* _Your assignment_
In full and without alteration, write out the data below.

Stored items from a collection:
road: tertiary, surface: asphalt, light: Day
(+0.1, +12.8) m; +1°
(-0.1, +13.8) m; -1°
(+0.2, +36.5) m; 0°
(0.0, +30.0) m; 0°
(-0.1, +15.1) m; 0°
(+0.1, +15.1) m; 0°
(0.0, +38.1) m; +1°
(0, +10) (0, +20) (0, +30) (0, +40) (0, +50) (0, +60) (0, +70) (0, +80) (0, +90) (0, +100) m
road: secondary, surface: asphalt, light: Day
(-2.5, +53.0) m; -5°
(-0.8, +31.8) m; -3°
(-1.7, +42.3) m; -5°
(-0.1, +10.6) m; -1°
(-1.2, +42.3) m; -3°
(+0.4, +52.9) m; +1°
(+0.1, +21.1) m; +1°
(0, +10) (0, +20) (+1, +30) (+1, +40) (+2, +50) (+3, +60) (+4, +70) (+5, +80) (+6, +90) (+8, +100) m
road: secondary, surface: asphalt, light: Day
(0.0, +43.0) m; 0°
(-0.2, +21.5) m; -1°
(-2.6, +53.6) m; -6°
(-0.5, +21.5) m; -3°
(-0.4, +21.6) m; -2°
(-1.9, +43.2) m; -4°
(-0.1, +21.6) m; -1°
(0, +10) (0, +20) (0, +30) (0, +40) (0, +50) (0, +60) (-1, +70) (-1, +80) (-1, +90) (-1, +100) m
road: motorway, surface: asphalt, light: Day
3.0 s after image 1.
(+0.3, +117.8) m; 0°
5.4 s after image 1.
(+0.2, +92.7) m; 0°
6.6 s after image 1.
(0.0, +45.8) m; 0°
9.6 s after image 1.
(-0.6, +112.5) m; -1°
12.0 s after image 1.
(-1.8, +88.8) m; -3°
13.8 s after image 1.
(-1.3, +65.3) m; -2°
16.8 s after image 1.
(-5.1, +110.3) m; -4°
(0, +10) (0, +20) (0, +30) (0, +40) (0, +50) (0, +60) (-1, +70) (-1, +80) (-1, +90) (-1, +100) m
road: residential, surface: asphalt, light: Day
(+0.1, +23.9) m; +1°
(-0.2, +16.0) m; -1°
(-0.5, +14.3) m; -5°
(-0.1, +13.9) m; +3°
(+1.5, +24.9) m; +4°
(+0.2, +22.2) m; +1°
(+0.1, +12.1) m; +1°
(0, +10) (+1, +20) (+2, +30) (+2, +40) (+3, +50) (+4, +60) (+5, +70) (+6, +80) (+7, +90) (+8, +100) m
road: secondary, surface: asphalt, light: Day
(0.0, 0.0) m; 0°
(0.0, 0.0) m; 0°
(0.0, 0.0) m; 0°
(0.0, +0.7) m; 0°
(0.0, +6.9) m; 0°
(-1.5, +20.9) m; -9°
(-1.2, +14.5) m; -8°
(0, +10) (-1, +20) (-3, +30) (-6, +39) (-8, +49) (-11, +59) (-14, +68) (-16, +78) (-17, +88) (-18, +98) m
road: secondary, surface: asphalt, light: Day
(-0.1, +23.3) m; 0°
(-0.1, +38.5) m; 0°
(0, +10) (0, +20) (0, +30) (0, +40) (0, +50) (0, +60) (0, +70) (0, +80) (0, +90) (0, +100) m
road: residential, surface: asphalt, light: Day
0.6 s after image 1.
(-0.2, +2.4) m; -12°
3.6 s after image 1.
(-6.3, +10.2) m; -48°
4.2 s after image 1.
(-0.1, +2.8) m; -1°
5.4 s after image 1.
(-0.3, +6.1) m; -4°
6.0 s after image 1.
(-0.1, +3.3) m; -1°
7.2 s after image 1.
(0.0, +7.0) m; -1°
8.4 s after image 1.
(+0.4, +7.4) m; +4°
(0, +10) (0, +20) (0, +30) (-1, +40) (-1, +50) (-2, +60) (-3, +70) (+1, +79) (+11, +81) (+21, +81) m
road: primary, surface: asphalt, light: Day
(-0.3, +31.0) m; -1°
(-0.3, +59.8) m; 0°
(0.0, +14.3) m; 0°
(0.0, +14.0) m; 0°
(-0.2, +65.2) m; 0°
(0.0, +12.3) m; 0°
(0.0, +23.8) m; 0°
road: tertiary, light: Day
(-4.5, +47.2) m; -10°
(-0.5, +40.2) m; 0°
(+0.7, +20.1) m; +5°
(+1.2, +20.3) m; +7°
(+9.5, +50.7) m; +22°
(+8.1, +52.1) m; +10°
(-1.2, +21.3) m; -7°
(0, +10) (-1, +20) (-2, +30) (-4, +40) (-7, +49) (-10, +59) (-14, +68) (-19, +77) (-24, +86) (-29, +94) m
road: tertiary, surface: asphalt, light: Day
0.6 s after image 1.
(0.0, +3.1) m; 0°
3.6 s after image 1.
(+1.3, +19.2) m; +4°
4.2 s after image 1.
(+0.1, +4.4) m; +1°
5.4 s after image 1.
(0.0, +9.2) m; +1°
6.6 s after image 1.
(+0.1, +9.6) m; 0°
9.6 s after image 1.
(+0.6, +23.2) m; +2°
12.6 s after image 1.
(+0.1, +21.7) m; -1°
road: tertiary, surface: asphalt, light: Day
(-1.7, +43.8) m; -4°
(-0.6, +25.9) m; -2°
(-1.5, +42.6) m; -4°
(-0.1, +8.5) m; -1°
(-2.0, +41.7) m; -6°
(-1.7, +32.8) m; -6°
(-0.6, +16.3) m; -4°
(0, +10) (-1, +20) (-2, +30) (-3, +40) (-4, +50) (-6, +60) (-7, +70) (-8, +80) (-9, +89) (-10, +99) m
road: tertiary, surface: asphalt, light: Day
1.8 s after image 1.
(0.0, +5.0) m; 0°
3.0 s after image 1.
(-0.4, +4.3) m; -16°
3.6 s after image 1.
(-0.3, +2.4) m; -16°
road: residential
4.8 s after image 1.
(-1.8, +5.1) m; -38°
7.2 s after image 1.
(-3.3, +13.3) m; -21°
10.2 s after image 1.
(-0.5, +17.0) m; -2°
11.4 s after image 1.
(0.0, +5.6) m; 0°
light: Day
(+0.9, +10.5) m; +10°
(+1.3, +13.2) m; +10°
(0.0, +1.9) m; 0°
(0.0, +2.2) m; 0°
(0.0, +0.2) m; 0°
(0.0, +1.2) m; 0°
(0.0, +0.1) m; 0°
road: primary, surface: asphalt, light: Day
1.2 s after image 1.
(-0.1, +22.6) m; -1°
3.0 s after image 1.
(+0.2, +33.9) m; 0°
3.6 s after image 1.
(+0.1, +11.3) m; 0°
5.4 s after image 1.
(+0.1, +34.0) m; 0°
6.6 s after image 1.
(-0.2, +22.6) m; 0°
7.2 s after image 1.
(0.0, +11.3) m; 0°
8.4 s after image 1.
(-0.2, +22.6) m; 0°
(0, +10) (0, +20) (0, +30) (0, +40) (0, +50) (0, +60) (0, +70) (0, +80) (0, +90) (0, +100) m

* _Output of the task_
road: tertiary, surface: asphalt, light: Day
(+0.1, +12.8) m; +1°
(-0.1, +13.8) m; -1°
(+0.2, +36.5) m; 0°
(0.0, +30.0) m; 0°
(-0.1, +15.1) m; 0°
(+0.1, +15.1) m; 0°
(0.0, +38.1) m; +1°
(0, +10) (0, +20) (0, +30) (0, +40) (0, +50) (0, +60) (0, +70) (0, +80) (0, +90) (0, +100) m
road: secondary, surface: asphalt, light: Day
(-2.5, +53.0) m; -5°
(-0.8, +31.8) m; -3°
(-1.7, +42.3) m; -5°
(-0.1, +10.6) m; -1°
(-1.2, +42.3) m; -3°
(+0.4, +52.9) m; +1°
(+0.1, +21.1) m; +1°
(0, +10) (0, +20) (+1, +30) (+1, +40) (+2, +50) (+3, +60) (+4, +70) (+5, +80) (+6, +90) (+8, +100) m
road: secondary, surface: asphalt, light: Day
(0.0, +43.0) m; 0°
(-0.2, +21.5) m; -1°
(-2.6, +53.6) m; -6°
(-0.5, +21.5) m; -3°
(-0.4, +21.6) m; -2°
(-1.9, +43.2) m; -4°
(-0.1, +21.6) m; -1°
(0, +10) (0, +20) (0, +30) (0, +40) (0, +50) (0, +60) (-1, +70) (-1, +80) (-1, +90) (-1, +100) m
road: motorway, surface: asphalt, light: Day
3.0 s after image 1.
(+0.3, +117.8) m; 0°
5.4 s after image 1.
(+0.2, +92.7) m; 0°
6.6 s after image 1.
(0.0, +45.8) m; 0°
9.6 s after image 1.
(-0.6, +112.5) m; -1°
12.0 s after image 1.
(-1.8, +88.8) m; -3°
13.8 s after image 1.
(-1.3, +65.3) m; -2°
16.8 s after image 1.
(-5.1, +110.3) m; -4°
(0, +10) (0, +20) (0, +30) (0, +40) (0, +50) (0, +60) (-1, +70) (-1, +80) (-1, +90) (-1, +100) m
road: residential, surface: asphalt, light: Day
(+0.1, +23.9) m; +1°
(-0.2, +16.0) m; -1°
(-0.5, +14.3) m; -5°
(-0.1, +13.9) m; +3°
(+1.5, +24.9) m; +4°
(+0.2, +22.2) m; +1°
(+0.1, +12.1) m; +1°
(0, +10) (+1, +20) (+2, +30) (+2, +40) (+3, +50) (+4, +60) (+5, +70) (+6, +80) (+7, +90) (+8, +100) m
road: secondary, surface: asphalt, light: Day
(0.0, 0.0) m; 0°
(0.0, 0.0) m; 0°
(0.0, 0.0) m; 0°
(0.0, +0.7) m; 0°
(0.0, +6.9) m; 0°
(-1.5, +20.9) m; -9°
(-1.2, +14.5) m; -8°
(0, +10) (-1, +20) (-3, +30) (-6, +39) (-8, +49) (-11, +59) (-14, +68) (-16, +78) (-17, +88) (-18, +98) m
road: secondary, surface: asphalt, light: Day
(-0.1, +23.3) m; 0°
(-0.1, +38.5) m; 0°
(0, +10) (0, +20) (0, +30) (0, +40) (0, +50) (0, +60) (0, +70) (0, +80) (0, +90) (0, +100) m
road: residential, surface: asphalt, light: Day
0.6 s after image 1.
(-0.2, +2.4) m; -12°
3.6 s after image 1.
(-6.3, +10.2) m; -48°
4.2 s after image 1.
(-0.1, +2.8) m; -1°
5.4 s after image 1.
(-0.3, +6.1) m; -4°
6.0 s after image 1.
(-0.1, +3.3) m; -1°
7.2 s after image 1.
(0.0, +7.0) m; -1°
8.4 s after image 1.
(+0.4, +7.4) m; +4°
(0, +10) (0, +20) (0, +30) (-1, +40) (-1, +50) (-2, +60) (-3, +70) (+1, +79) (+11, +81) (+21, +81) m
road: primary, surface: asphalt, light: Day
(-0.3, +31.0) m; -1°
(-0.3, +59.8) m; 0°
(0.0, +14.3) m; 0°
(0.0, +14.0) m; 0°
(-0.2, +65.2) m; 0°
(0.0, +12.3) m; 0°
(0.0, +23.8) m; 0°
road: tertiary, light: Day
(-4.5, +47.2) m; -10°
(-0.5, +40.2) m; 0°
(+0.7, +20.1) m; +5°
(+1.2, +20.3) m; +7°
(+9.5, +50.7) m; +22°
(+8.1, +52.1) m; +10°
(-1.2, +21.3) m; -7°
(0, +10) (-1, +20) (-2, +30) (-4, +40) (-7, +49) (-10, +59) (-14, +68) (-19, +77) (-24, +86) (-29, +94) m
road: tertiary, surface: asphalt, light: Day
0.6 s after image 1.
(0.0, +3.1) m; 0°
3.6 s after image 1.
(+1.3, +19.2) m; +4°
4.2 s after image 1.
(+0.1, +4.4) m; +1°
5.4 s after image 1.
(0.0, +9.2) m; +1°
6.6 s after image 1.
(+0.1, +9.6) m; 0°
9.6 s after image 1.
(+0.6, +23.2) m; +2°
12.6 s after image 1.
(+0.1, +21.7) m; -1°
road: tertiary, surface: asphalt, light: Day
(-1.7, +43.8) m; -4°
(-0.6, +25.9) m; -2°
(-1.5, +42.6) m; -4°
(-0.1, +8.5) m; -1°
(-2.0, +41.7) m; -6°
(-1.7, +32.8) m; -6°
(-0.6, +16.3) m; -4°
(0, +10) (-1, +20) (-2, +30) (-3, +40) (-4, +50) (-6, +60) (-7, +70) (-8, +80) (-9, +89) (-10, +99) m
road: tertiary, surface: asphalt, light: Day
1.8 s after image 1.
(0.0, +5.0) m; 0°
3.0 s after image 1.
(-0.4, +4.3) m; -16°
3.6 s after image 1.
(-0.3, +2.4) m; -16°
road: residential
4.8 s after image 1.
(-1.8, +5.1) m; -38°
7.2 s after image 1.
(-3.3, +13.3) m; -21°
10.2 s after image 1.
(-0.5, +17.0) m; -2°
11.4 s after image 1.
(0.0, +5.6) m; 0°
light: Day
(+0.9, +10.5) m; +10°
(+1.3, +13.2) m; +10°
(0.0, +1.9) m; 0°
(0.0, +2.2) m; 0°
(0.0, +0.2) m; 0°
(0.0, +1.2) m; 0°
(0.0, +0.1) m; 0°
road: primary, surface: asphalt, light: Day
1.2 s after image 1.
(-0.1, +22.6) m; -1°
3.0 s after image 1.
(+0.2, +33.9) m; 0°
3.6 s after image 1.
(+0.1, +11.3) m; 0°
5.4 s after image 1.
(+0.1, +34.0) m; 0°
6.6 s after image 1.
(-0.2, +22.6) m; 0°
7.2 s after image 1.
(0.0, +11.3) m; 0°
8.4 s after image 1.
(-0.2, +22.6) m; 0°
(0, +10) (0, +20) (0, +30) (0, +40) (0, +50) (0, +60) (0, +70) (0, +80) (0, +90) (0, +100) m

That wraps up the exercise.